Then, as he saw the others gathering round the minister at the door, he moved uneasily on his stool.

  ‘Whaur’s Davy?’ he said.

  ‘Did ye no ken she was lost?’ the sawmiller asked, in a voice that was hardly his own.

  ‘Ay, I kent,’ said Tammas; ‘she’s on the Whunny road.’

  Rob had been talking to the minister in what both thought English, which in Thrums is considered an ostentatious language, but he turned on Tammas in broad Scotch. In the years to come, when he could wear gloves without concealing his hands in his pockets, excitement brought on Scotch as a poultice raises blisters.

  ‘Tammas Haggart,’ he cried, pulling the stone-breaker off his stool.

  The minister interposed.

  ‘Tell us what you know at once, Tammas,’ said Mr. Dishart, who, out of the pulpit, had still a heart.

  It was a sad tale that Haggart had to tell, if a short one, and several of the listeners shook their heads as they heard it.

  ‘I meant to turn the lassieky,’ the stone-breaker explained, ‘but, ou, she was past in a twinklin’.’

  On the sawmill brig the minister quickly organised a search party, the brig that Rob had floored anew but the week before, rising daily with the sun to do it, because the child’s little boot had caught in a worn board. From it she had often crooned to watch the dank mill-wheel climbing the bouncing burn. Ah, Rob, the rotten old planks would have served your turn.

  ‘The Whunny road’ were the words passed from mouth to mouth, and the driblet of men fell into line.

  Impetuous is youth, and the minister was not perhaps greatly to blame for starting at once. But Lang Tammas, his chief elder, paused on the threshold.

  ‘The Lord giveth,’ he said solemnly, taking off his hat and letting the night air cut through his white hair, ‘and the Lord taketh away: blessed be the name of the Lord.’

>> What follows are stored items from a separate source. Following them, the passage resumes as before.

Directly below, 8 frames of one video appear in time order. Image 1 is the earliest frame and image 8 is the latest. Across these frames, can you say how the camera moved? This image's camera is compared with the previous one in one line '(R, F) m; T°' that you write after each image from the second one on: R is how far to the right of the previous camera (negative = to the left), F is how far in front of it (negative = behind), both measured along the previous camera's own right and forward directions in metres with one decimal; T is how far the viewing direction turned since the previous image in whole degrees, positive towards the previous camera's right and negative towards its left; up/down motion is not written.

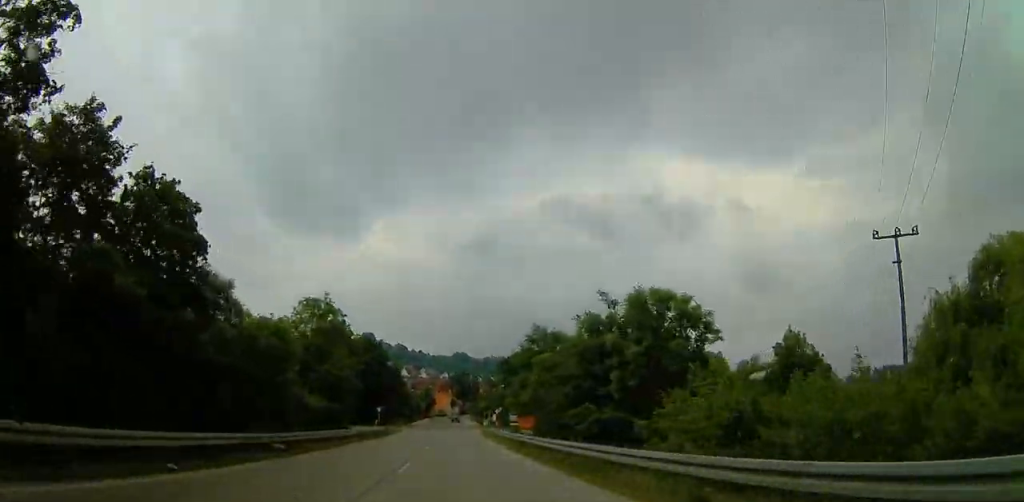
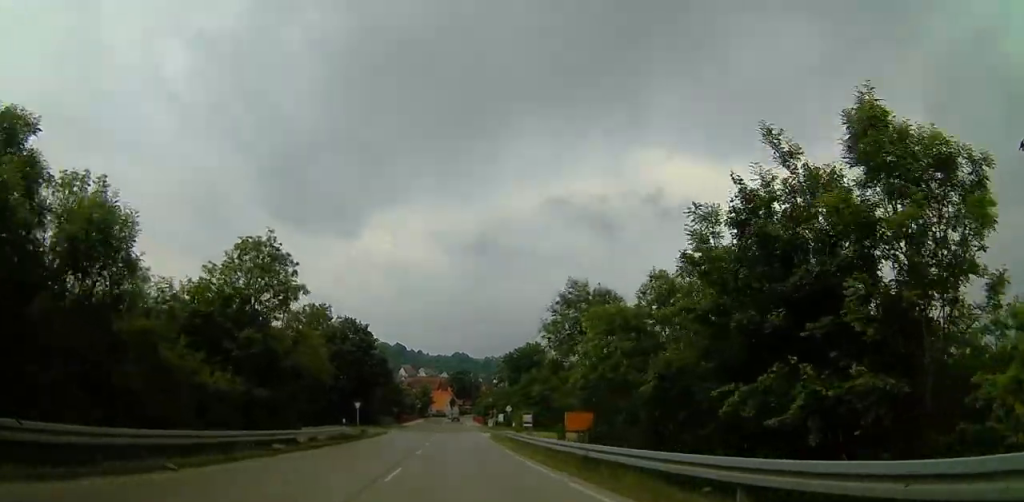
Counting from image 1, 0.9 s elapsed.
(+0.4, +15.9) m; +1°
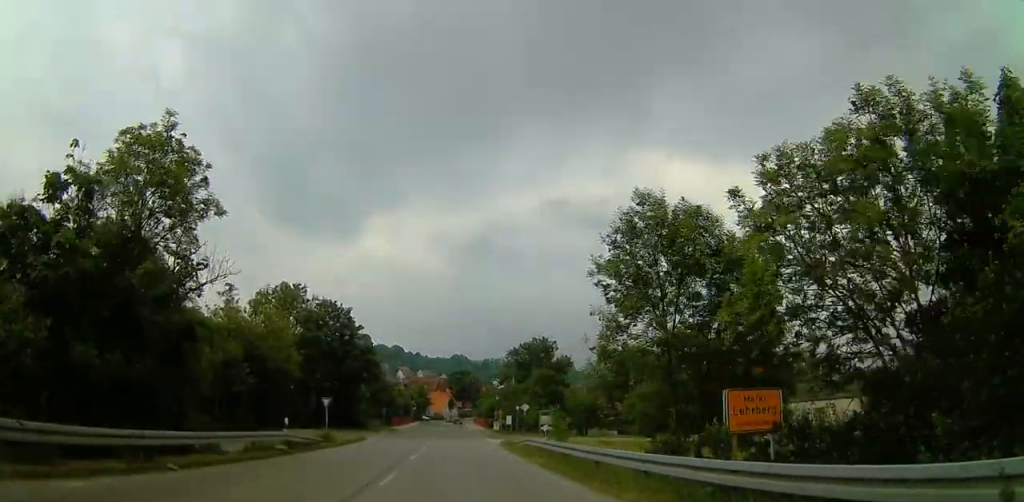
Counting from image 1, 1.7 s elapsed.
(0.0, +13.6) m; 0°
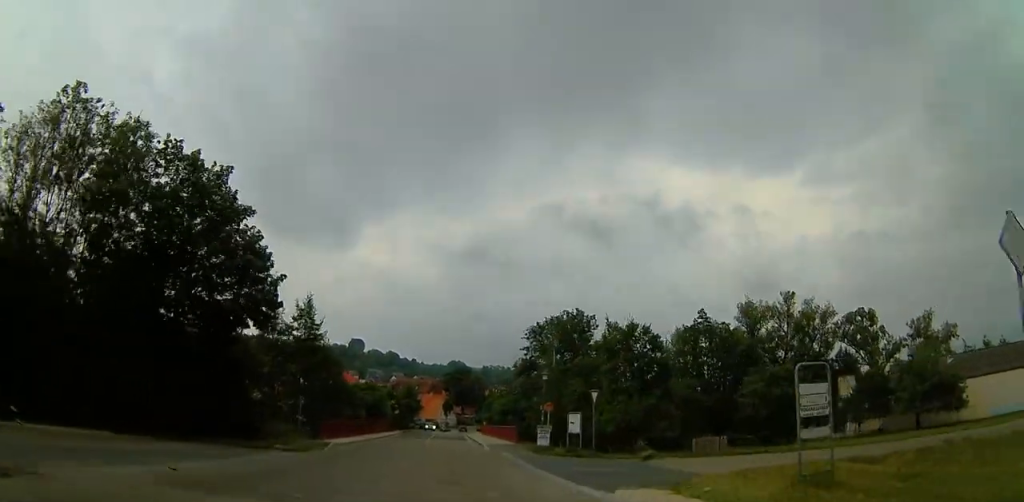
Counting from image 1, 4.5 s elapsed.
(-0.6, +39.5) m; -1°
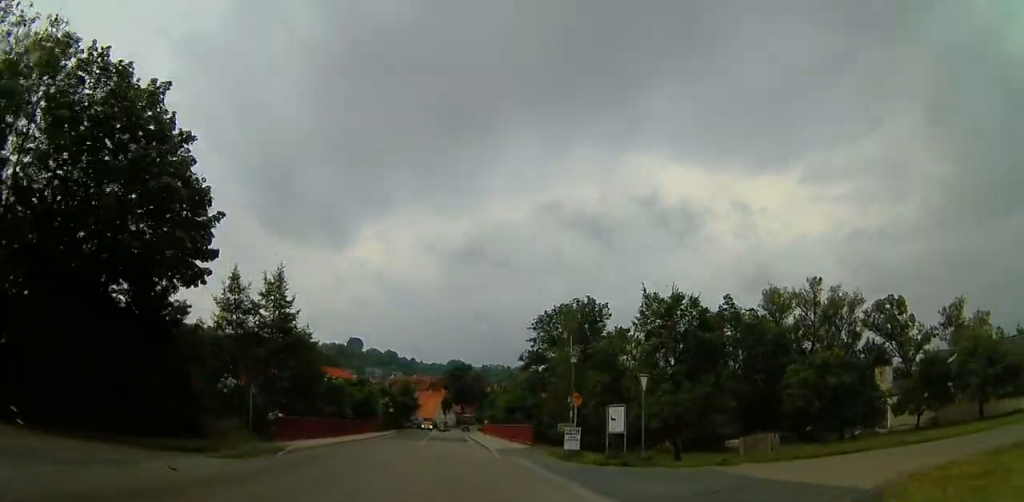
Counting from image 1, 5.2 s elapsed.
(+0.2, +8.1) m; -1°
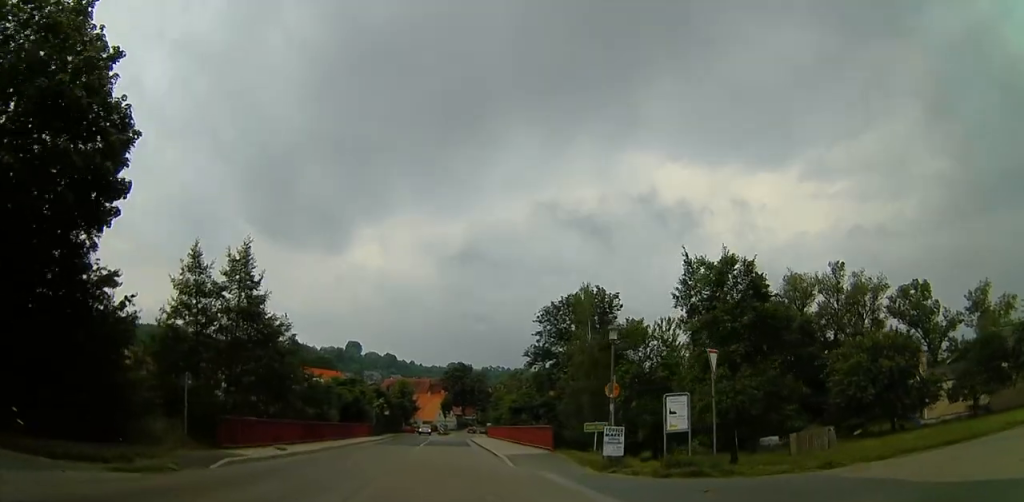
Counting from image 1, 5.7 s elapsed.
(-0.1, +6.3) m; -3°
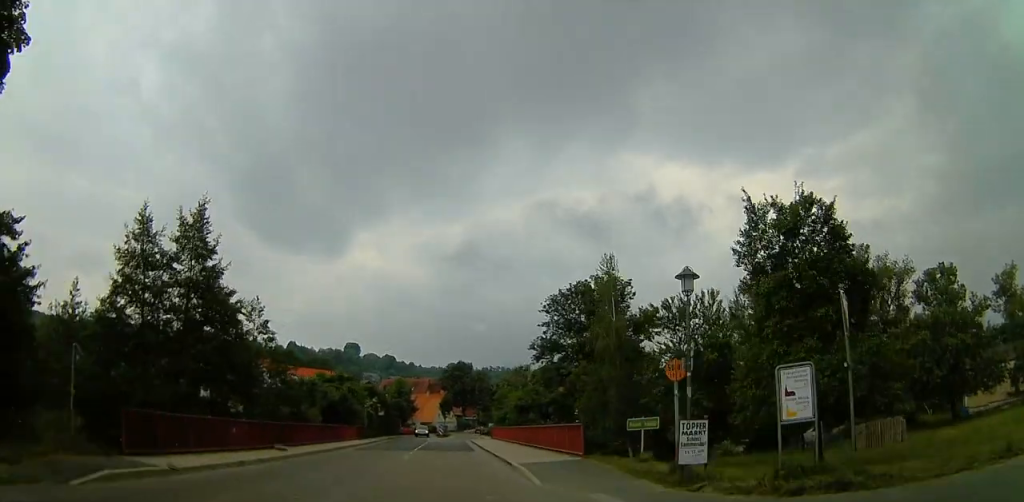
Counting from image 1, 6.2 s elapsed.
(-0.1, +6.3) m; -2°
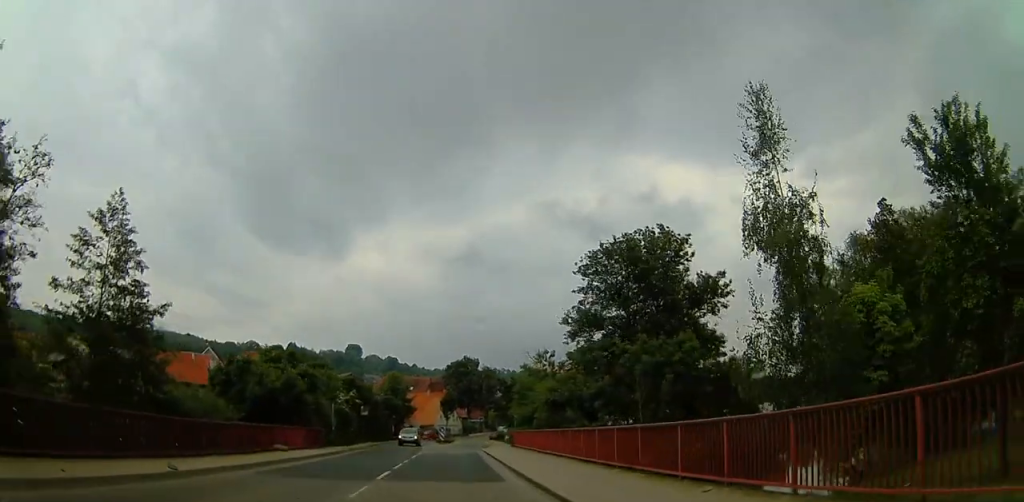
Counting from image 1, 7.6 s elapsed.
(-0.8, +18.0) m; 0°
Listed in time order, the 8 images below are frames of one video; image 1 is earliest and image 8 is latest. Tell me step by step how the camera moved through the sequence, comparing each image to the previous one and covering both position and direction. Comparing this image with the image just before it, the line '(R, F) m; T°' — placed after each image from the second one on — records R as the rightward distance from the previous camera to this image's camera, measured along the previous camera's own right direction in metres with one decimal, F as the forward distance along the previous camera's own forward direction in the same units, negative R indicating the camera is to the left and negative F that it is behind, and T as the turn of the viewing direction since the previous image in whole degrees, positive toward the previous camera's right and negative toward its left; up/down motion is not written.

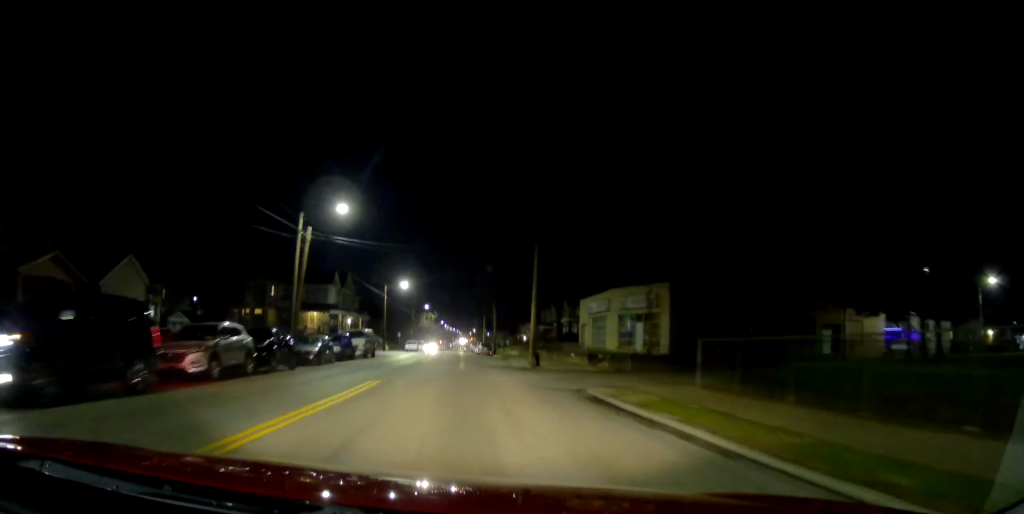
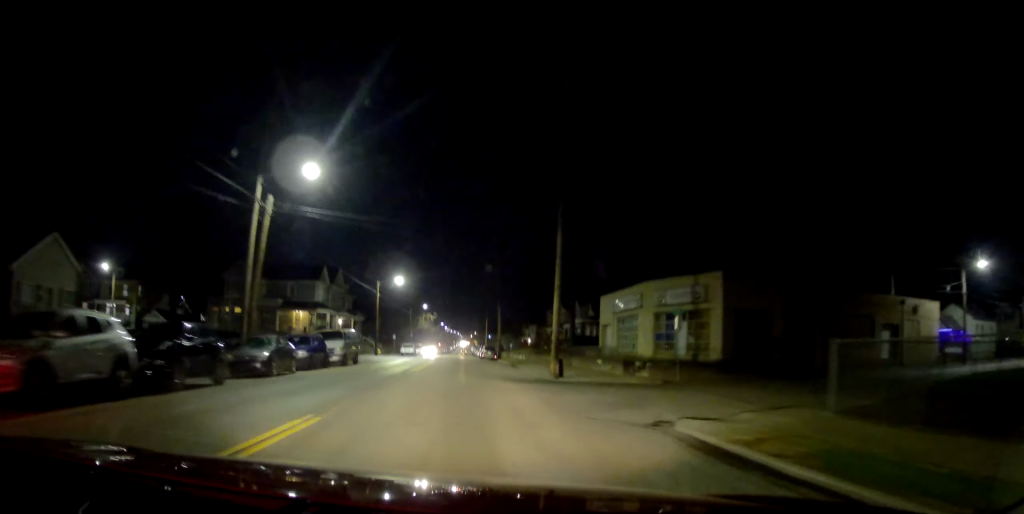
(-0.1, +7.9) m; -2°
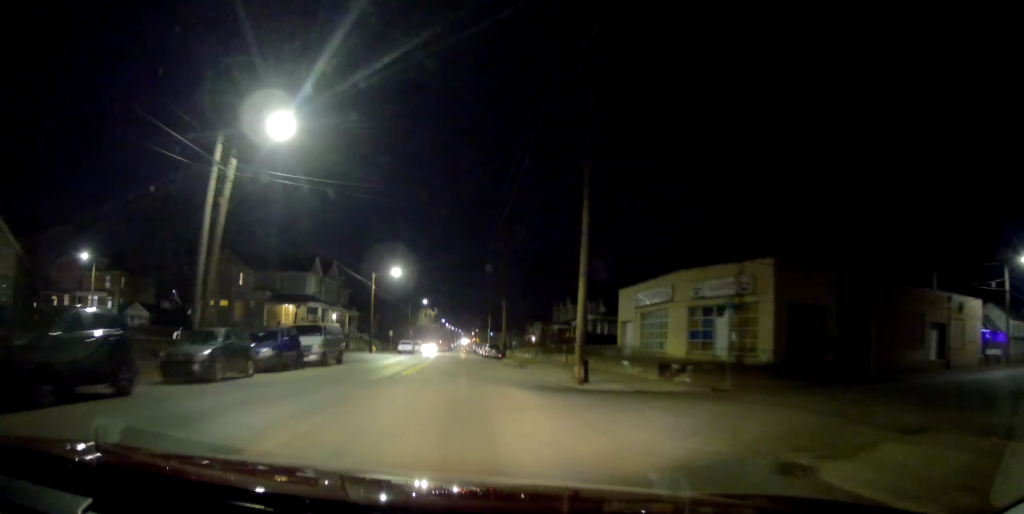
(-0.1, +5.4) m; +1°
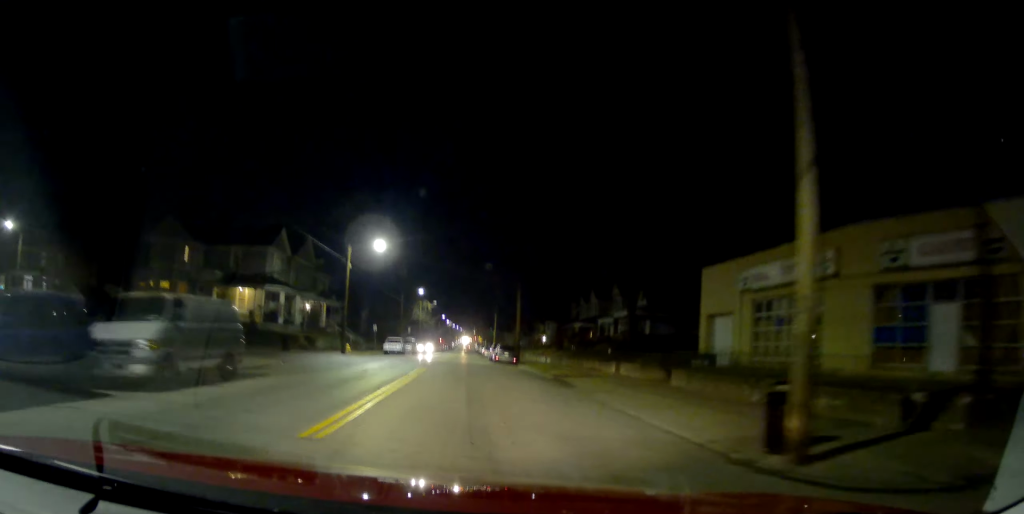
(+0.4, +15.5) m; +1°
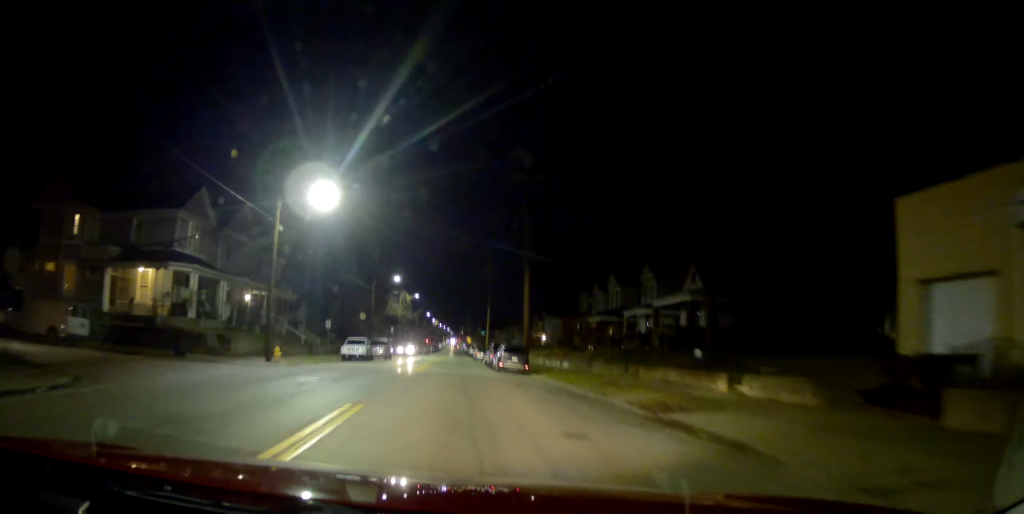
(-0.5, +15.8) m; -2°
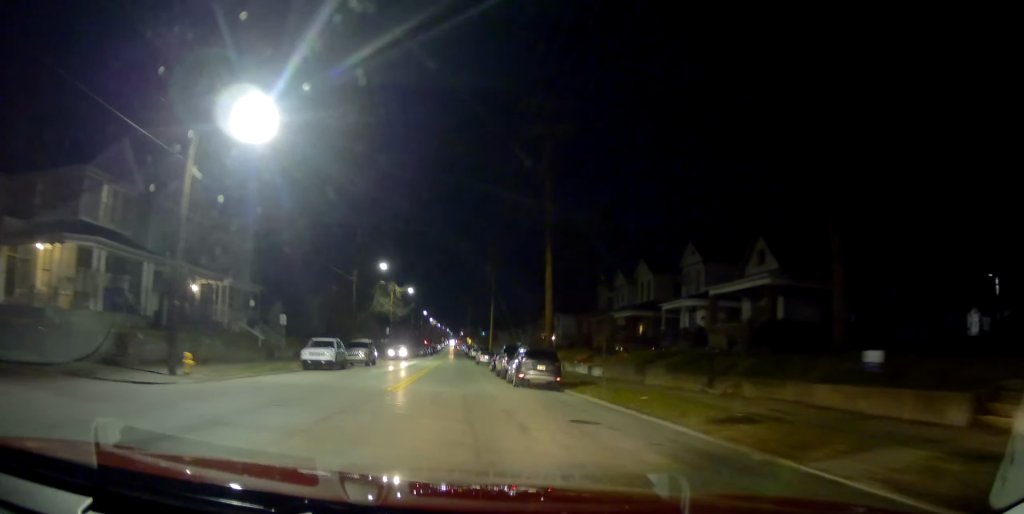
(0.0, +10.3) m; +3°
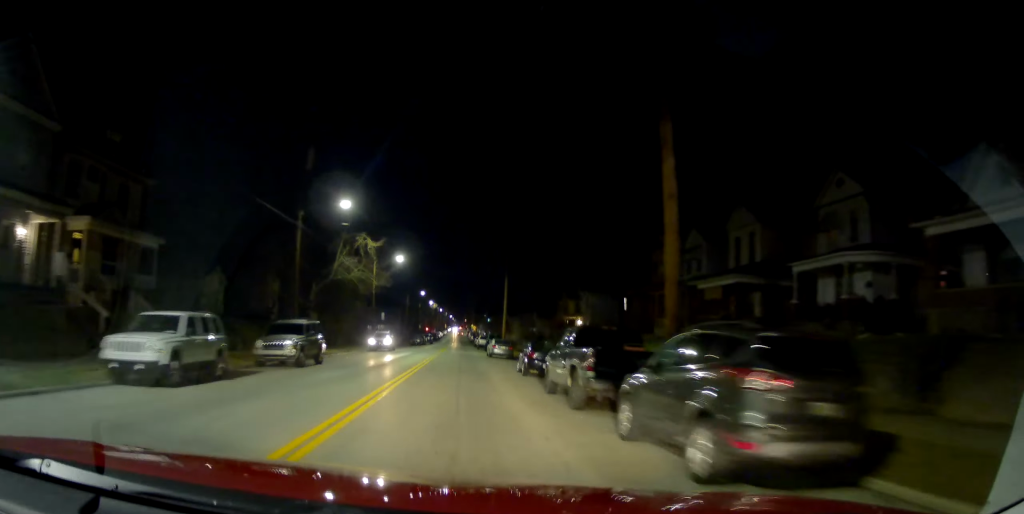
(+0.2, +17.6) m; -1°
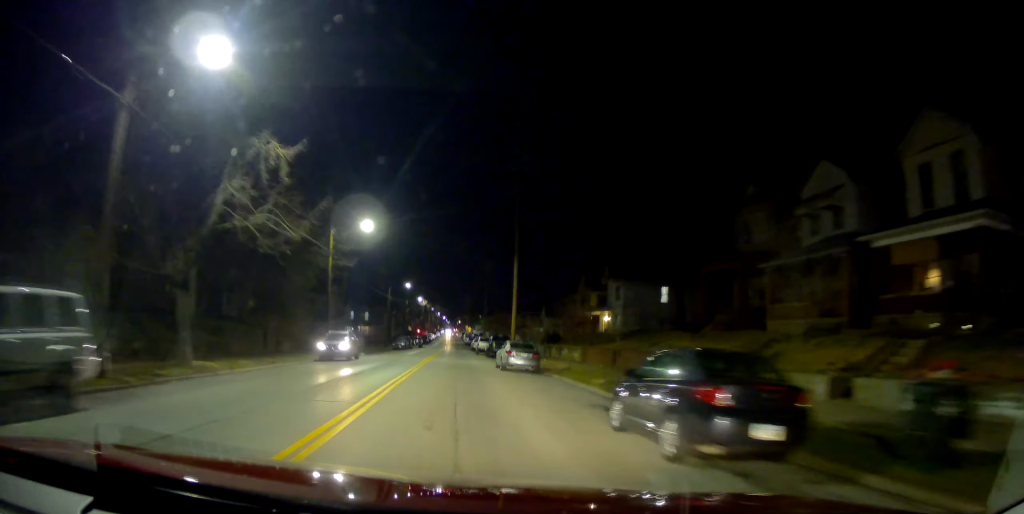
(+0.2, +16.8) m; +1°

  The sawmiller opened his mouth, but no words came.

  The little search party took the cold Whunny road. The day had been bright and fine, and still there was a smell of flowers in the air. The fickle flowers! They had clustered round Davy and nestled on her neck when she drew the half-ashamed sawmiller through the bleating meadows, and now they could smile on him when he came alone — all except the daisies. The daisies, that cannot play a child false, had craned their necks to call Davy back as she tripped over them, and bowed their heavy little heads as she toddled on. It was from them that the bairn’s track was learned after she wandered from the Whunny road.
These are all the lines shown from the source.